Rapid-role convention. Detectable in circulation ~1 min after injection; insulin action begins 11-12 min sooner than Humalog. Among the fastest onsets available, but still subcutaneous, so trails real-time pancreatic release.

Time to peak66

Rapid-role convention (earlier/higher early peak is better for mealtime). Early 50% concentration reached ~13 min vs ~25 min for lispro; first-15-min exposure 3.5-7x greater. Peak glucose-lowering still ~2-3 h out.

Short tail64

Mealtime convention (shorter tail better). Late exposure (after 3 h) cut ~39-41% and total duration shortened by 34-88 min vs lispro — a meaningfully cleaner tail that lowers late-postmeal hypoglycemia.

Consistency62

Predictable, sustained PK over 2 weeks of dosing; non-inferior HbA1c in phase 3. Marked down because injection-site reactions (~2.7% SC, ~38% in pumps) are more frequent than with standard analogs.

Exercise flexibility58

Faster off-rate and shorter tail modestly reduce lingering active insulin around activity; label allows dosing up to 20 min after a meal starts, adding timing flexibility. Still no formal exercise-specific advantage shown.

Access & cost56

Rapid-role convention. Approved in US/EU/UK/Japan/Canada and pump-cleared, but a branded follow-on with no biosimilar; a relatively high US list price, blunted by manufacturer copay caps and savings cards.

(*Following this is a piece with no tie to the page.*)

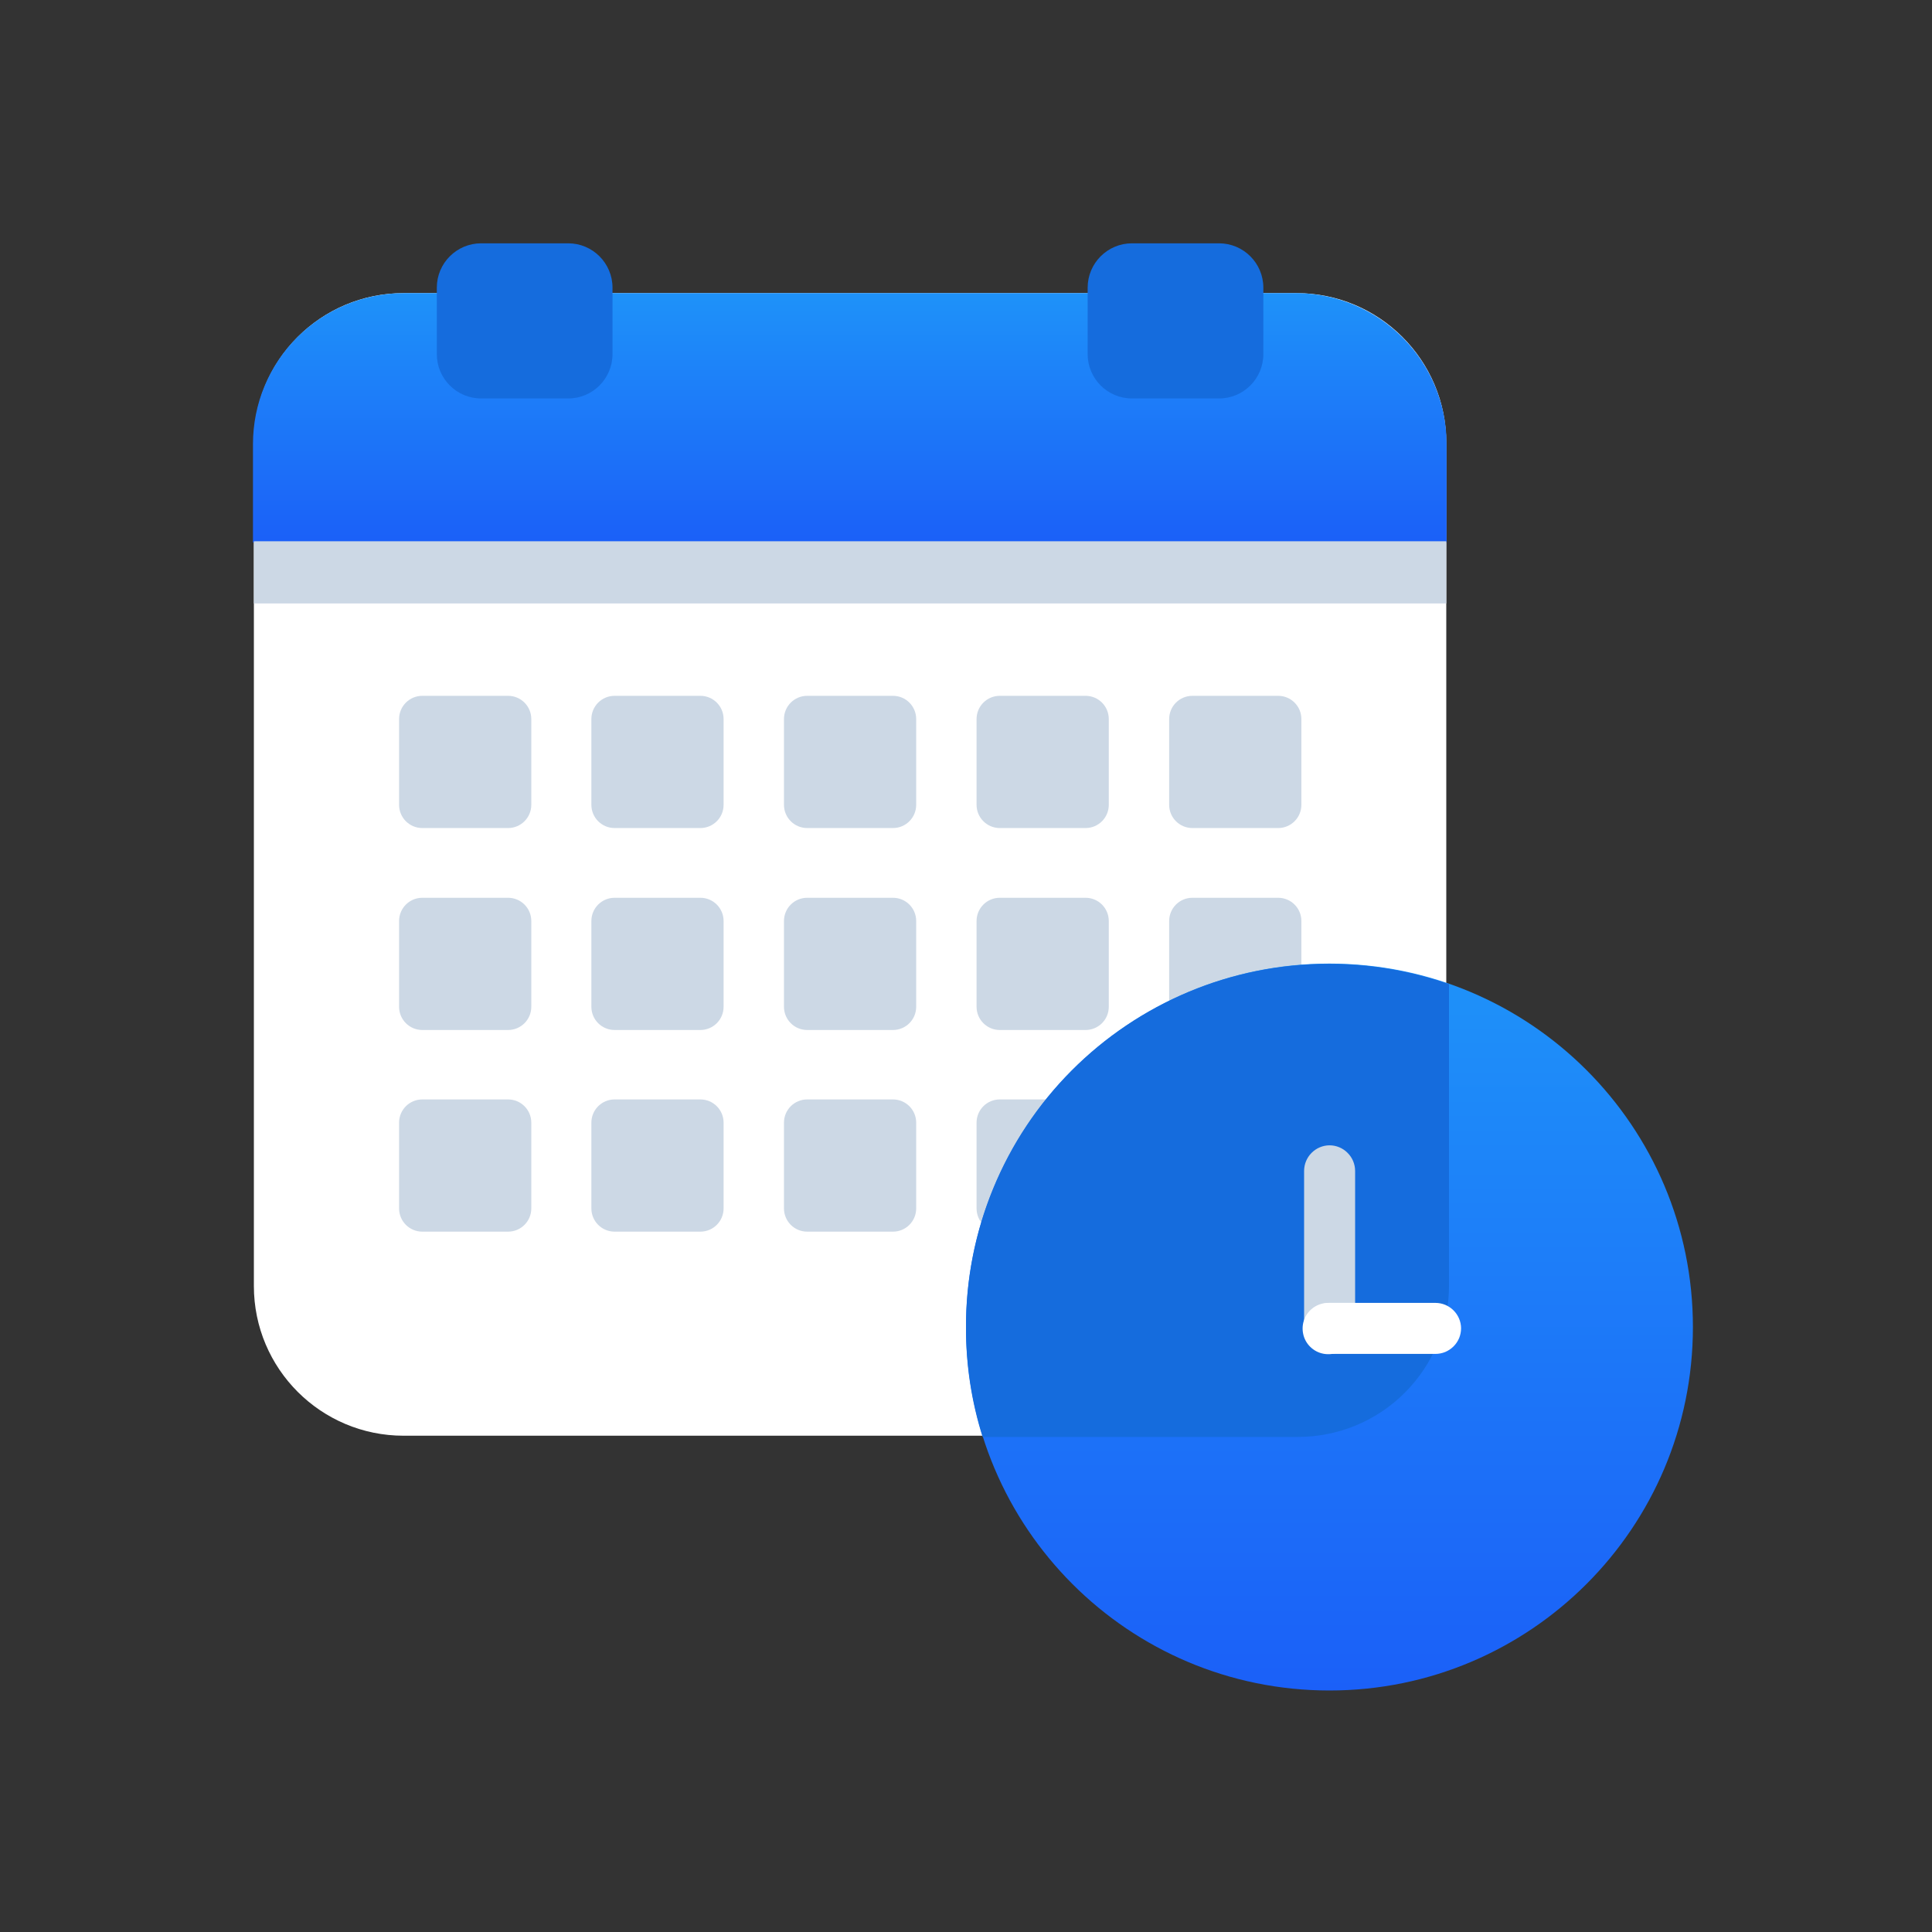 <svg width="32" height="32" viewBox="0 0 32 32" fill="none" xmlns="http://www.w3.org/2000/svg"><rect x="0" y="0" width="32" height="32" fill="#333333" stroke="none"/><path d="M21.475 4.855H6.685C5.315 4.855 4.205 5.965 4.205 7.335V21.3C4.205 22.67 5.315 23.78 6.685 23.78H21.475C22.845 23.78 23.955 22.67 23.955 21.3V7.335C23.955 5.965 22.845 4.855 21.475 4.855Z" fill="white"/><path d="M21.5 4.855H6.69C6.027 4.855 5.391 5.118 4.922 5.587C4.453 6.056 4.19 6.692 4.19 7.355V8.985H23.96V7.335C23.955 6.682 23.695 6.057 23.235 5.594C22.775 5.131 22.153 4.865 21.5 4.855Z" fill="url(#paint0_linear_947_5618)"/><path d="M23.955 8.965H4.205V9.995H23.955V8.965Z" fill="#CCD8E5"/><path d="M9.41 4.03H7.97C7.564 4.03 7.235 4.359 7.235 4.765V5.865C7.235 6.271 7.564 6.6 7.97 6.6H9.41C9.816 6.6 10.145 6.271 10.145 5.865V4.765C10.145 4.359 9.816 4.03 9.41 4.03Z" fill="#156CDD"/><path d="M20.19 4.03H18.75C18.344 4.03 18.015 4.359 18.015 4.765V5.865C18.015 6.271 18.344 6.6 18.75 6.6H20.19C20.596 6.6 20.925 6.271 20.925 5.865V4.765C20.925 4.359 20.596 4.03 20.19 4.03Z" fill="#156CDD"/><path d="M8.415 11.525H6.995C6.782 11.525 6.61 11.697 6.61 11.91V13.33C6.61 13.543 6.782 13.715 6.995 13.715H8.415C8.628 13.715 8.8 13.543 8.8 13.33V11.91C8.8 11.697 8.628 11.525 8.415 11.525Z" fill="#CCD8E5"/><path d="M11.6 11.525H10.18C9.967 11.525 9.795 11.697 9.795 11.91V13.33C9.795 13.543 9.967 13.715 10.18 13.715H11.6C11.813 13.715 11.985 13.543 11.985 13.33V11.91C11.985 11.697 11.813 11.525 11.6 11.525Z" fill="#CCD8E5"/><path d="M14.79 11.525H13.37C13.157 11.525 12.985 11.697 12.985 11.91V13.33C12.985 13.543 13.157 13.715 13.37 13.715H14.79C15.003 13.715 15.175 13.543 15.175 13.33V11.91C15.175 11.697 15.003 11.525 14.79 11.525Z" fill="#CCD8E5"/><path d="M17.98 11.525H16.56C16.347 11.525 16.175 11.697 16.175 11.91V13.33C16.175 13.543 16.347 13.715 16.56 13.715H17.98C18.193 13.715 18.365 13.543 18.365 13.33V11.91C18.365 11.697 18.193 11.525 17.98 11.525Z" fill="#CCD8E5"/><path d="M21.17 11.525H19.75C19.537 11.525 19.365 11.697 19.365 11.91V13.33C19.365 13.543 19.537 13.715 19.75 13.715H21.17C21.383 13.715 21.555 13.543 21.555 13.33V11.91C21.555 11.697 21.383 11.525 21.17 11.525Z" fill="#CCD8E5"/><path d="M8.415 14.87H6.995C6.782 14.87 6.61 15.042 6.61 15.255V16.675C6.61 16.888 6.782 17.06 6.995 17.06H8.415C8.628 17.06 8.8 16.888 8.8 16.675V15.255C8.8 15.042 8.628 14.87 8.415 14.87Z" fill="#CCD8E5"/><path d="M11.6 14.87H10.18C9.967 14.87 9.795 15.042 9.795 15.255V16.675C9.795 16.888 9.967 17.06 10.18 17.06H11.6C11.813 17.06 11.985 16.888 11.985 16.675V15.255C11.985 15.042 11.813 14.87 11.6 14.87Z" fill="#CCD8E5"/><path d="M14.79 14.87H13.37C13.157 14.87 12.985 15.042 12.985 15.255V16.675C12.985 16.888 13.157 17.06 13.37 17.06H14.79C15.003 17.06 15.175 16.888 15.175 16.675V15.255C15.175 15.042 15.003 14.87 14.79 14.87Z" fill="#CCD8E5"/><path d="M17.98 14.87H16.56C16.347 14.87 16.175 15.042 16.175 15.255V16.675C16.175 16.888 16.347 17.06 16.56 17.06H17.98C18.193 17.06 18.365 16.888 18.365 16.675V15.255C18.365 15.042 18.193 14.87 17.98 14.87Z" fill="#CCD8E5"/><path d="M21.17 14.87H19.75C19.537 14.87 19.365 15.042 19.365 15.255V16.675C19.365 16.888 19.537 17.06 19.75 17.06H21.17C21.383 17.06 21.555 16.888 21.555 16.675V15.255C21.555 15.042 21.383 14.87 21.17 14.87Z" fill="#CCD8E5"/><path d="M8.415 18.21H6.995C6.782 18.21 6.61 18.382 6.61 18.595V20.015C6.61 20.228 6.782 20.4 6.995 20.4H8.415C8.628 20.4 8.8 20.228 8.8 20.015V18.595C8.8 18.382 8.628 18.21 8.415 18.21Z" fill="#CCD8E5"/><path d="M11.6 18.21H10.18C9.967 18.21 9.795 18.382 9.795 18.595V20.015C9.795 20.228 9.967 20.4 10.18 20.4H11.6C11.813 20.4 11.985 20.228 11.985 20.015V18.595C11.985 18.382 11.813 18.21 11.6 18.21Z" fill="#CCD8E5"/><path d="M14.79 18.21H13.37C13.157 18.21 12.985 18.382 12.985 18.595V20.015C12.985 20.228 13.157 20.4 13.37 20.4H14.79C15.003 20.4 15.175 20.228 15.175 20.015V18.595C15.175 18.382 15.003 18.21 14.79 18.21Z" fill="#CCD8E5"/><path d="M17.98 18.21H16.56C16.347 18.21 16.175 18.382 16.175 18.595V20.015C16.175 20.228 16.347 20.4 16.56 20.4H17.98C18.193 20.4 18.365 20.228 18.365 20.015V18.595C18.365 18.382 18.193 18.21 17.98 18.21Z" fill="#CCD8E5"/><path d="M21.17 18.21H19.75C19.537 18.21 19.365 18.382 19.365 18.595V20.015C19.365 20.228 19.537 20.4 19.75 20.4H21.17C21.383 20.4 21.555 20.228 21.555 20.015V18.595C21.555 18.382 21.383 18.21 21.17 18.21Z" fill="white"/><path d="M22.02 28C25.345 28 28.04 25.305 28.04 21.98C28.04 18.655 25.345 15.96 22.02 15.96C18.695 15.96 16 18.655 16 21.98C16 25.305 18.695 28 22.02 28Z" fill="url(#paint1_linear_947_5618)"/><path d="M22 15.965C21.209 15.965 20.426 16.121 19.696 16.425C18.966 16.729 18.303 17.174 17.745 17.735C17.187 18.296 16.746 18.961 16.447 19.693C16.147 20.425 15.995 21.209 16 22C15.999 22.61 16.091 23.218 16.275 23.8H21.5C21.828 23.8 22.153 23.735 22.457 23.61C22.76 23.484 23.036 23.3 23.268 23.068C23.5 22.836 23.684 22.56 23.81 22.257C23.935 21.953 24 21.628 24 21.3V16.3C23.357 16.077 22.681 15.964 22 15.965Z" fill="#156CDD"/><path d="M22 22.405C21.895 22.399 21.796 22.354 21.722 22.279C21.648 22.204 21.605 22.105 21.6 22V19.395C21.6 19.283 21.644 19.176 21.723 19.096C21.801 19.017 21.908 18.971 22.02 18.97C22.133 18.97 22.241 19.015 22.32 19.095C22.4 19.174 22.445 19.282 22.445 19.395V22C22.442 22.056 22.429 22.111 22.405 22.161C22.381 22.212 22.348 22.257 22.306 22.295C22.265 22.332 22.217 22.361 22.164 22.38C22.112 22.399 22.056 22.408 22 22.405Z" fill="#CCD8E5"/><path d="M21.6 22C21.601 21.889 21.646 21.783 21.724 21.704C21.803 21.626 21.909 21.581 22.02 21.58H23.775C23.887 21.58 23.994 21.624 24.074 21.703C24.153 21.781 24.199 21.888 24.2 22C24.2 22.056 24.189 22.111 24.168 22.163C24.146 22.214 24.115 22.261 24.076 22.3C24.036 22.34 23.989 22.371 23.938 22.393C23.886 22.414 23.831 22.425 23.775 22.425H22C21.892 22.419 21.79 22.371 21.715 22.292C21.641 22.213 21.6 22.108 21.6 22Z" fill="white"/><path d="M22.445 22V21.58H22C21.916 21.58 21.833 21.605 21.763 21.652C21.693 21.699 21.639 21.765 21.607 21.843C21.575 21.921 21.567 22.007 21.584 22.09C21.6 22.172 21.641 22.248 21.701 22.307C21.761 22.366 21.837 22.407 21.92 22.422C22.003 22.438 22.089 22.429 22.166 22.396C22.244 22.363 22.31 22.308 22.356 22.237C22.402 22.167 22.426 22.084 22.425 22H22.445Z" fill="white"/><defs><linearGradient id="paint0_linear_947_5618" x1="14.075" y1="4.855" x2="14.075" y2="8.985" gradientUnits="userSpaceOnUse"><stop stop-color="#1E92F9"/><stop offset="1" stop-color="#1B60F8"/></linearGradient><linearGradient id="paint1_linear_947_5618" x1="22.02" y1="15.96" x2="22.02" y2="28" gradientUnits="userSpaceOnUse"><stop stop-color="#1E92F9"/><stop offset="1" stop-color="#1B60F8"/></linearGradient></defs></svg>

Insulins are scored relative to their role peers (see tags: rapid, ultra-rapid, basal, inhaled). A basal insulin's onset score compares it to other basals, not to mealtime insulins.

The full picture

Ultra-rapid lispro (URLi), sold as Lyumjev, is a rapid-acting mealtime insulin — taken at the start of a meal to cover the carbohydrates in it.1 It is the same insulin molecule as Humalog (insulin lispro) but reformulated with two extra ingredients: treprostinil, which widens the small blood vessels under the skin, and citrate, which loosens the vessel walls so insulin can cross into the blood faster.23 The goal is to chase the one thing standard analogs do poorly — get insulin working quickly enough to blunt the spike from a meal.

How fast is it? After a subcutaneous injection, insulin appears in the blood about 1 minute later, reaches half its early concentration at roughly 13 minutes (versus ~25 minutes for Humalog), and peaks (tmax) around 57 minutes.1 In a euglycemic clamp study, insulin action started 11-12 minutes sooner than Humalog and was three-fold greater over the first 30 minutes.4 The glucose-lowering peak still lands around 2-3 hours, with a total duration of roughly 4.6-7.3 hours depending on dose.1 So it is fast at the front end, but it is still subcutaneous insulin — far slower than a healthy pancreas, which releases insulin into the blood the moment glucose rises.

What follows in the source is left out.